A lot of times people say they want a politician, mentor, celebrity to be accountable but what they mean is that they want someone who will always be right. WRONG. Being right all the time is only possible in the land of make-believe narcissism. It just doesn’t happen in real life. Now I’d hate (not really) to be the asshole with the little light in the dark room of cranky warlocks and prance around, flashing my truth but accountability is allowing yourself to be wrong. Accountability means you’ll make the best decisions you can make and own up when – because you’re human – your best isn’t good enough. Clearly, this isn’t easy when you have a public image to keep up and maybe I’m an idealist (not really), but as a member of the public-at-large, I will do my best not to place unrealistic expectations on those I follow and respect, including myself.
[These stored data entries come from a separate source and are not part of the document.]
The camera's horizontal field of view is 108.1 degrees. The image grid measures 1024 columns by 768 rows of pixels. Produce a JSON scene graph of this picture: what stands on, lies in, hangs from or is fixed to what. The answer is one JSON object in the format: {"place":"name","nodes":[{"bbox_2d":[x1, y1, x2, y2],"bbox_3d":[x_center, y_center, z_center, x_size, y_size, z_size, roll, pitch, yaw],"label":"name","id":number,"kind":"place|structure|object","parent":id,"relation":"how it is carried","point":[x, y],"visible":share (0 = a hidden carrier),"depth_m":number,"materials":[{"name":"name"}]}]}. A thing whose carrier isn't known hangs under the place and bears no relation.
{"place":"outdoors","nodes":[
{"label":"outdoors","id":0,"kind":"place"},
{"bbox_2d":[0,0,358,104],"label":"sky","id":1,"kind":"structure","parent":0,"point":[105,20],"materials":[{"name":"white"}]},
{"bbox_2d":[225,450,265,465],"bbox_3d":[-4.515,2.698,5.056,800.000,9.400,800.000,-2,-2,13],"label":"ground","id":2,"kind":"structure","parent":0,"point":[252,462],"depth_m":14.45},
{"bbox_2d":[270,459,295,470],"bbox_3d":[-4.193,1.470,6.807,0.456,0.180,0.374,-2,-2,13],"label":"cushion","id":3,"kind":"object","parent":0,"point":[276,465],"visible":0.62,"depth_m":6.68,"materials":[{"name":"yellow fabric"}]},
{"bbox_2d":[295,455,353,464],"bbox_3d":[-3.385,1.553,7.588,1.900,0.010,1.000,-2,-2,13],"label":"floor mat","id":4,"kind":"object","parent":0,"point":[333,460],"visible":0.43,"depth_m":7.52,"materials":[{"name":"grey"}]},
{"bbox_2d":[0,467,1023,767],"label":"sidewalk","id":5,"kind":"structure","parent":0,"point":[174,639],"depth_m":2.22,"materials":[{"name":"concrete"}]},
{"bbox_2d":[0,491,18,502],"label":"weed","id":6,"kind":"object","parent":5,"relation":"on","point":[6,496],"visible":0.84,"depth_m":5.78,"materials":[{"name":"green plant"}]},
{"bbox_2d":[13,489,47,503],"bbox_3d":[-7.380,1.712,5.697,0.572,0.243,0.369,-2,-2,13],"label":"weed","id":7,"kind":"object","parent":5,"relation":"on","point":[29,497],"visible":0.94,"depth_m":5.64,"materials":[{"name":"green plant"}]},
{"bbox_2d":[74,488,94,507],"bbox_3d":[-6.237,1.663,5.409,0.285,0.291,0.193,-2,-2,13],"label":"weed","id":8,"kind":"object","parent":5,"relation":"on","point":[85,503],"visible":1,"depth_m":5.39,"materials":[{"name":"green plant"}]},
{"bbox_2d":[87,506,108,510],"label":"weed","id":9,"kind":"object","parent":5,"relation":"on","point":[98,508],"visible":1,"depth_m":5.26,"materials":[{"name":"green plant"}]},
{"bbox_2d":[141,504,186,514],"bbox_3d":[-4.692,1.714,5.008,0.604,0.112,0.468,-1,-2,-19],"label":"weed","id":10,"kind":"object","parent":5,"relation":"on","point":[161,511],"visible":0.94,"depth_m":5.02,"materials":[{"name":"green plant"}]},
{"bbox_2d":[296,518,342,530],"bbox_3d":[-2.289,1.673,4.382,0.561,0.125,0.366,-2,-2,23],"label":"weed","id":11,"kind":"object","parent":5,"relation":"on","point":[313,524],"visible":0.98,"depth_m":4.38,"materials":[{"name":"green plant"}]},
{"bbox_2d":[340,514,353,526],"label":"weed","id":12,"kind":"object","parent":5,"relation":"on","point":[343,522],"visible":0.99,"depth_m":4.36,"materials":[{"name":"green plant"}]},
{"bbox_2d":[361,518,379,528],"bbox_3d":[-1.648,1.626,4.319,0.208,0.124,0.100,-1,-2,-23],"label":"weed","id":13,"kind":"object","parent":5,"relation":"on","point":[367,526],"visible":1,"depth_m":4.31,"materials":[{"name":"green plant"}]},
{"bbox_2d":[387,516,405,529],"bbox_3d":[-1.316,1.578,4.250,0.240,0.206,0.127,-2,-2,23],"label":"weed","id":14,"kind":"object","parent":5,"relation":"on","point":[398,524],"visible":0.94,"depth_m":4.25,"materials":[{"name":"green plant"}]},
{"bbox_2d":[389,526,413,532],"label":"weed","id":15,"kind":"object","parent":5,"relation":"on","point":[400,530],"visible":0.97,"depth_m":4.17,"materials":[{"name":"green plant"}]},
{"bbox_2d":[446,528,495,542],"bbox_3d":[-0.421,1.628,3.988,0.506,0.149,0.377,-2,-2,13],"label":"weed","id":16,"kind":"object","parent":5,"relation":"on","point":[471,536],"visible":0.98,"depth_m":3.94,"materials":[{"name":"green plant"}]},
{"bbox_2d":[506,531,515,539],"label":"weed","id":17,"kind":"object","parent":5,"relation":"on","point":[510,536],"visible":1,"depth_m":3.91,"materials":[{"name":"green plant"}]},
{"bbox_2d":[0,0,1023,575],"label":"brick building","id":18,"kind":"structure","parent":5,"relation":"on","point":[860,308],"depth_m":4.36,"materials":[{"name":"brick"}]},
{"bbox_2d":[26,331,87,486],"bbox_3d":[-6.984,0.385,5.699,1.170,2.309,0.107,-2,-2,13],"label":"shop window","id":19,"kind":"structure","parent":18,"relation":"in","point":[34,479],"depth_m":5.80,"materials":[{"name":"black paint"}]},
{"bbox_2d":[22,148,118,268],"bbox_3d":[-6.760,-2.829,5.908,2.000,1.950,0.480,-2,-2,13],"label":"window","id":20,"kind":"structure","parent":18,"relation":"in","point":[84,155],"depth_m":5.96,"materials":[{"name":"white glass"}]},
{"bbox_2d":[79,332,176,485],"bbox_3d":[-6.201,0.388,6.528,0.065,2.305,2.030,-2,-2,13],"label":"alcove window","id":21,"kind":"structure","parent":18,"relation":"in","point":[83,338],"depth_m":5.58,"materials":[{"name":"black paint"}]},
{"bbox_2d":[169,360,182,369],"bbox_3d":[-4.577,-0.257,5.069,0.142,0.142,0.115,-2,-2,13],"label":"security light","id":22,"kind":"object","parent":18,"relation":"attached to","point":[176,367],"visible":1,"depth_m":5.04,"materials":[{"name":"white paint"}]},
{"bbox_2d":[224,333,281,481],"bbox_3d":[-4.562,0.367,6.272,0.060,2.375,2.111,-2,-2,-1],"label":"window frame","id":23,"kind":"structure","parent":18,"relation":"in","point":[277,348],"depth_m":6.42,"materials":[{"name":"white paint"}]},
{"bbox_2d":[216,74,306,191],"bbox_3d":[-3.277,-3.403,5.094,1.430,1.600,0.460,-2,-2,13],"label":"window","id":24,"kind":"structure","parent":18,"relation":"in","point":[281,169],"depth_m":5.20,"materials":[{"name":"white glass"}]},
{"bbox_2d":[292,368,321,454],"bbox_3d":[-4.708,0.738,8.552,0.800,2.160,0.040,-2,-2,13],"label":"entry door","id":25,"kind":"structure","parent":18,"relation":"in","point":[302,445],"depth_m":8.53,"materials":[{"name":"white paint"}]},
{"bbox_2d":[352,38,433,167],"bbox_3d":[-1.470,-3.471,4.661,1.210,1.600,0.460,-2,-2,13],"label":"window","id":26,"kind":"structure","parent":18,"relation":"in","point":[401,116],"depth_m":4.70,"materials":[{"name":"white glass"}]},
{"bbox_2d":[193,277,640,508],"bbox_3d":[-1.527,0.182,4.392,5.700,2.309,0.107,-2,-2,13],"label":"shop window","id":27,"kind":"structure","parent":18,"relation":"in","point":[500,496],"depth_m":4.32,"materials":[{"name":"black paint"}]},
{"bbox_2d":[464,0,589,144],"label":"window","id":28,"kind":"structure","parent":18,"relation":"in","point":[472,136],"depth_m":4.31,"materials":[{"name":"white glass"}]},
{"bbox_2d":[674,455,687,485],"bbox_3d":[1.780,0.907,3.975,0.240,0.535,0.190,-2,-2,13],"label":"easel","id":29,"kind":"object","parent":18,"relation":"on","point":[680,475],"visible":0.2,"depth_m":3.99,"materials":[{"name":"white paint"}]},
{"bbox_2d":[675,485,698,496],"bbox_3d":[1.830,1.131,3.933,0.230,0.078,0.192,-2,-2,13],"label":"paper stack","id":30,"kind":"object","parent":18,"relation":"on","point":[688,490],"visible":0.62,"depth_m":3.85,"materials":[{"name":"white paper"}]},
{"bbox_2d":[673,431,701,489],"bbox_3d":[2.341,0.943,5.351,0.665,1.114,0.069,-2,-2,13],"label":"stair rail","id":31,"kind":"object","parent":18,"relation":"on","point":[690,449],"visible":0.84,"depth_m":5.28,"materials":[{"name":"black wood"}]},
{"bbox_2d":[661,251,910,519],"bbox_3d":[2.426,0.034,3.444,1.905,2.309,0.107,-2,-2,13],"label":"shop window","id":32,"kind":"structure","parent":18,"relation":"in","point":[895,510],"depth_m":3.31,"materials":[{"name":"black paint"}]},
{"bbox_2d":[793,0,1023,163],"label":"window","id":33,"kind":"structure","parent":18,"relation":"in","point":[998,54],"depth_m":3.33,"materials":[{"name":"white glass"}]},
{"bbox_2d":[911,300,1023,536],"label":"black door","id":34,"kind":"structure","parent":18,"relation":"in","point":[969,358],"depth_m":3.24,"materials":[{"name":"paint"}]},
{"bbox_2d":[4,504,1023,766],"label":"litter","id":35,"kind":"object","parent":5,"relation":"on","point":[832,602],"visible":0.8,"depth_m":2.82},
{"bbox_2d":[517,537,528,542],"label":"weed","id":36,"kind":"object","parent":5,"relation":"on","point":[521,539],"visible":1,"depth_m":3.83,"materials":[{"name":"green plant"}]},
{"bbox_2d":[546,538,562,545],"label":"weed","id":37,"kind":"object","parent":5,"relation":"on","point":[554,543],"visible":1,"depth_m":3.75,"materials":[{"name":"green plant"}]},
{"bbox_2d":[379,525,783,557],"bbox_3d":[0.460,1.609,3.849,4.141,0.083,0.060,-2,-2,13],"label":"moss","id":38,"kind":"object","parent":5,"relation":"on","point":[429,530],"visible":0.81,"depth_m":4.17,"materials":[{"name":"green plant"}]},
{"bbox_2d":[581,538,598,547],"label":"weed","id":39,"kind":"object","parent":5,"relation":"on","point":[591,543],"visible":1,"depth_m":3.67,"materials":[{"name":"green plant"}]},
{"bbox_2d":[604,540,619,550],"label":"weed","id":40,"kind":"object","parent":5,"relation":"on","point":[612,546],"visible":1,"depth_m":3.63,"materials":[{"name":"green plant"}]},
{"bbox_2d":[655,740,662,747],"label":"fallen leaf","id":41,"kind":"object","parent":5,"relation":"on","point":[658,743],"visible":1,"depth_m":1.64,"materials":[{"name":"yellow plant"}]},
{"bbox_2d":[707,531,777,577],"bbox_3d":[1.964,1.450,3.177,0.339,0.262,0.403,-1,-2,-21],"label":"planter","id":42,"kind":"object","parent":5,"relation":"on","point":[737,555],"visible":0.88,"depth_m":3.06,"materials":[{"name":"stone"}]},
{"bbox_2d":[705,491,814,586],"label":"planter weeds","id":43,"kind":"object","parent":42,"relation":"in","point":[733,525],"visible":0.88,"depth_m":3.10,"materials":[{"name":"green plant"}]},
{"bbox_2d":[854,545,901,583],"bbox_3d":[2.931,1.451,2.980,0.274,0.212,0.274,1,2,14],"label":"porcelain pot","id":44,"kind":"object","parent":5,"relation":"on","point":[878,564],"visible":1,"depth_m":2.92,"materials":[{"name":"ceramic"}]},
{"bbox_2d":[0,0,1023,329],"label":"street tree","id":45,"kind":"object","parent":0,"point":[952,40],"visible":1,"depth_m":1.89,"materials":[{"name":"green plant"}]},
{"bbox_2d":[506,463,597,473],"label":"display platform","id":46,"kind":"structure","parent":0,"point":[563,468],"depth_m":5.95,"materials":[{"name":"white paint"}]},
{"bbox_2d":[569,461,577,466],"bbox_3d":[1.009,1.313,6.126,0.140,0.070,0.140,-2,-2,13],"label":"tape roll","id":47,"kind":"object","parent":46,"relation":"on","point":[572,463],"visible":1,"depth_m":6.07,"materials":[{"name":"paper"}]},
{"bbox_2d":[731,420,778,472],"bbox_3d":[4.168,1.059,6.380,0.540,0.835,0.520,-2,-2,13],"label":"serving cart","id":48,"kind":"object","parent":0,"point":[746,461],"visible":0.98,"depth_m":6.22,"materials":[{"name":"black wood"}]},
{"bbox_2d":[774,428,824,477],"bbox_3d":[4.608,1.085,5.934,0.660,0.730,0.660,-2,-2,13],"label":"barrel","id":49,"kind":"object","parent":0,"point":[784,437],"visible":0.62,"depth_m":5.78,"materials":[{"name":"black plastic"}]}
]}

Being accountable does not mean being perfect, it means being imperfect and accepting the consequences that being imperfect creates. Consequences like mistakes, blunders, errors in judgment, imperfection, screw-ups, boo-boos and oh-noes.
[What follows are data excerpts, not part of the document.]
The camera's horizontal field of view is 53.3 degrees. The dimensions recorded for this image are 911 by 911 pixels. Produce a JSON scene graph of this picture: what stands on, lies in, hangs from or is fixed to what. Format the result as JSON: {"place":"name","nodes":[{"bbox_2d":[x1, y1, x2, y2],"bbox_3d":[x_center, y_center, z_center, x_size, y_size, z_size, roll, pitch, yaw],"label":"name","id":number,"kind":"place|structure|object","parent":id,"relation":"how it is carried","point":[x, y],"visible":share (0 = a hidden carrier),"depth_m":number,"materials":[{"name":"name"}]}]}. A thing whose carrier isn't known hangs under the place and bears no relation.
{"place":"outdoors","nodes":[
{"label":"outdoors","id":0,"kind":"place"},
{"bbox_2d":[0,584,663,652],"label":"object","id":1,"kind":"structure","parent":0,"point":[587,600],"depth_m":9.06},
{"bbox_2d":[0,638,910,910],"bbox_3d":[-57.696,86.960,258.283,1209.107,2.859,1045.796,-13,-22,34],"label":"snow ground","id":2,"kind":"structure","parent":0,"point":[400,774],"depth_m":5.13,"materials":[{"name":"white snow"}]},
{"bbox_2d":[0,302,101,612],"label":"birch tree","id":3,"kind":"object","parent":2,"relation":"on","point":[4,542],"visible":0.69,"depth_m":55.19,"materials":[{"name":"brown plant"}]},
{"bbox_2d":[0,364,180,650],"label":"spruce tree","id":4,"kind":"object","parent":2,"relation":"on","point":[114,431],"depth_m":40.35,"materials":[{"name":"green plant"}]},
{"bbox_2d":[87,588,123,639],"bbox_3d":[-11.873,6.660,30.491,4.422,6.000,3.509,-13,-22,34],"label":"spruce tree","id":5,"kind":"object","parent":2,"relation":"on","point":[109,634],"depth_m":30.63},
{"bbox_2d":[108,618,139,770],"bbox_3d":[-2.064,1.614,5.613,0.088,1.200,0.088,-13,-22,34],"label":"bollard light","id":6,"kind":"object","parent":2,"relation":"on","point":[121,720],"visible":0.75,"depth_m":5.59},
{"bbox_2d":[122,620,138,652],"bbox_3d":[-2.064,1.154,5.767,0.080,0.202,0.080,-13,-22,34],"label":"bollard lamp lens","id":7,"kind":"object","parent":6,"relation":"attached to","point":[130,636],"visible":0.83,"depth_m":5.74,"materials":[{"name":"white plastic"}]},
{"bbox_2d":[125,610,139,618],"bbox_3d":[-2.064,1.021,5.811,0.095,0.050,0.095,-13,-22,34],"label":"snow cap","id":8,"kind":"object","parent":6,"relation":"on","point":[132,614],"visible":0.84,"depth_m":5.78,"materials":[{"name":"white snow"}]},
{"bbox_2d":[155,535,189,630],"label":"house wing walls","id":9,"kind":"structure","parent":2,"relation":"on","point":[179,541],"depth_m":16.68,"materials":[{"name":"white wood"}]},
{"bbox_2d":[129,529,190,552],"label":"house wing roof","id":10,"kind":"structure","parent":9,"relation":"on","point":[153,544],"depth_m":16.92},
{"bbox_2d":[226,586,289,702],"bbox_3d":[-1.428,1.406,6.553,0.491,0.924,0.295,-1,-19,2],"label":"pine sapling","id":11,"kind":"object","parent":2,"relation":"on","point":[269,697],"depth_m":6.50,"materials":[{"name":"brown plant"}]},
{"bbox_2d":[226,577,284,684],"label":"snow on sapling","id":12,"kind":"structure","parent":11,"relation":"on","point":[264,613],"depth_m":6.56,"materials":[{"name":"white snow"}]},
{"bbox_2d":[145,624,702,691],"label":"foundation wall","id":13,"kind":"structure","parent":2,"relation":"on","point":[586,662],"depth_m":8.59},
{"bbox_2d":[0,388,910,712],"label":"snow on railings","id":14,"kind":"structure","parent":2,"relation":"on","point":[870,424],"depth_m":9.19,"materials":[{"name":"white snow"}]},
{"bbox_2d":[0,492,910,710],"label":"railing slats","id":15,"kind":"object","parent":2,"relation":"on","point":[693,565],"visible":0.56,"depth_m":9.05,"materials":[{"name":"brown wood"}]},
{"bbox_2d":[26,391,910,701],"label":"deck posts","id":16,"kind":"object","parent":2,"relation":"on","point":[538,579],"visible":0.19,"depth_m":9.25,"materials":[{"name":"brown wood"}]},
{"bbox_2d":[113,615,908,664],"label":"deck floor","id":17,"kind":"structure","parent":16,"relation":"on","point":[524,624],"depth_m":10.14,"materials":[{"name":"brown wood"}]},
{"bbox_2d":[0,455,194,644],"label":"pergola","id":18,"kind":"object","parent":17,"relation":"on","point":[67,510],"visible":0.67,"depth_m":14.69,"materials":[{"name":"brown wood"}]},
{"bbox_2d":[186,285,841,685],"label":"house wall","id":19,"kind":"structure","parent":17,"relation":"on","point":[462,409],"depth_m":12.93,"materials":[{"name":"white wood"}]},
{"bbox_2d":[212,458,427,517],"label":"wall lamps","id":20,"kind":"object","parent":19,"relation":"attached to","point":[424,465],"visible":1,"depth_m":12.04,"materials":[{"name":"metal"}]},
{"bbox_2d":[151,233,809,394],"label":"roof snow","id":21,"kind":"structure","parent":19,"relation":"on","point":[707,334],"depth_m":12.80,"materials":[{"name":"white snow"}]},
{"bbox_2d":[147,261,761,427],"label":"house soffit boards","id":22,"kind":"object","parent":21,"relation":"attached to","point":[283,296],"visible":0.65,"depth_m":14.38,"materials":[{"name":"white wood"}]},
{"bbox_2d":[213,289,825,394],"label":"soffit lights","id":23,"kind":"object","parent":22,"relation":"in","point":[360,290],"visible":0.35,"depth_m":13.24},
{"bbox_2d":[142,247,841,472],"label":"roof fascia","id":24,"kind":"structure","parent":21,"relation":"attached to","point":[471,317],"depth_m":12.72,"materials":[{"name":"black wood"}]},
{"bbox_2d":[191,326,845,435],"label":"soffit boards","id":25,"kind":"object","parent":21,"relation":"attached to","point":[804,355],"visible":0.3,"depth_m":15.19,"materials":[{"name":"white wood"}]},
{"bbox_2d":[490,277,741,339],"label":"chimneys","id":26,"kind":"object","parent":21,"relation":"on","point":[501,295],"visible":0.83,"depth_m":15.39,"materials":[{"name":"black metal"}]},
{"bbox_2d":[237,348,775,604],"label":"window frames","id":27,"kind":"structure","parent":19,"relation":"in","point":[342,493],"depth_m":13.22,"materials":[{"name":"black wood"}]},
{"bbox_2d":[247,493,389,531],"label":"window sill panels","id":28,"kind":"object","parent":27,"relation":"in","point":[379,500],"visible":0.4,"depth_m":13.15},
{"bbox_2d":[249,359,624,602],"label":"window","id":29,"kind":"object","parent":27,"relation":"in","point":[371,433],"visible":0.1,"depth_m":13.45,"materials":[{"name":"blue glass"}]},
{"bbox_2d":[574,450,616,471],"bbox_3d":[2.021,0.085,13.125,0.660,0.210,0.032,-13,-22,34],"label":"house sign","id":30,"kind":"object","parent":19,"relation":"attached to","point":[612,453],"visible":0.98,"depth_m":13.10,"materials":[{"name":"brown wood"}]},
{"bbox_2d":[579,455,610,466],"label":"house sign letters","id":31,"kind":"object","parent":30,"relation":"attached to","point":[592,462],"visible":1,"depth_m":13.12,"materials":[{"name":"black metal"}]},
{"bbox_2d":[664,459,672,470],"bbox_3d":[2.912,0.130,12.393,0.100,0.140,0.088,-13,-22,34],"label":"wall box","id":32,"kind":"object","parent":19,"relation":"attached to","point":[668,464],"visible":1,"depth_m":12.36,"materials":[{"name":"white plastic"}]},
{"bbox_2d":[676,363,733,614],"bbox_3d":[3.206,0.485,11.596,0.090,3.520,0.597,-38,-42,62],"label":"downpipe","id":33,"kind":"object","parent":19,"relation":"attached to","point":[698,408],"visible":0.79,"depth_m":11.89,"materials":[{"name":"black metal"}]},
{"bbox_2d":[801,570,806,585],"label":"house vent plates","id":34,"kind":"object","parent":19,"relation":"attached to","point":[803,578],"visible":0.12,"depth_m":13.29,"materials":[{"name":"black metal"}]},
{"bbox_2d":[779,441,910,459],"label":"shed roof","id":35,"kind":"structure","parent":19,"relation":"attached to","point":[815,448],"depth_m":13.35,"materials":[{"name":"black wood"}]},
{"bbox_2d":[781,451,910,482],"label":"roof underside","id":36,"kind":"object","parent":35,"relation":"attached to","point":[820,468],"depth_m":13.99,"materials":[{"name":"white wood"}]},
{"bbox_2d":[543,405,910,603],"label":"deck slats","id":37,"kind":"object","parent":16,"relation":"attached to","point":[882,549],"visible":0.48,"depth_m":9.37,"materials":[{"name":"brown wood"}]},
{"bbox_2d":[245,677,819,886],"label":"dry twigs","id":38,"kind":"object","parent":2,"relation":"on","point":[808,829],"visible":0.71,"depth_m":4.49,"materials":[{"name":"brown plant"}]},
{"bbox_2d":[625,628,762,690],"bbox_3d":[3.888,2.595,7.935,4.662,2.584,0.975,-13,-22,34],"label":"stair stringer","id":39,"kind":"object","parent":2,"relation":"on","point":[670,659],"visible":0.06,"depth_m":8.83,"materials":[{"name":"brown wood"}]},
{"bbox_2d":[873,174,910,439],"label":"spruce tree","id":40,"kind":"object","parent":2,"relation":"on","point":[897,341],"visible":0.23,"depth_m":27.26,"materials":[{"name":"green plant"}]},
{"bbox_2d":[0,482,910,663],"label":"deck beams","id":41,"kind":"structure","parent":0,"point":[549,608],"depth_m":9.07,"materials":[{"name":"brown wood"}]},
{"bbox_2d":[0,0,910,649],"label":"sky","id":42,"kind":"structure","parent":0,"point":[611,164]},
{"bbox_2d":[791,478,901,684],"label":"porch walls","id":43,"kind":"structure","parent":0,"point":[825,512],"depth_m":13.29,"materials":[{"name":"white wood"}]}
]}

At the same time, I am also fighting the same shallow urges to make a big fuss out of somebody else’s business, especially if I disagree with what-they-did (not the same as who-they-are). Pointing fingers is and always was easier than lending a hand, but being accountable is not the easy person’s game. Being accountable requires discipline, hard thinking and real work to discern being wrong is something you do (but don’t do again!) not something you are. Being wrong is only the end if you stop there, what takes real work is moving on from it.
Don’t let the fear of making your worst decisions stop you from making your best decisions. (The best decision being the one that logically sounds and intuitively feels right). As Steve Pavlina would say: Try and fail.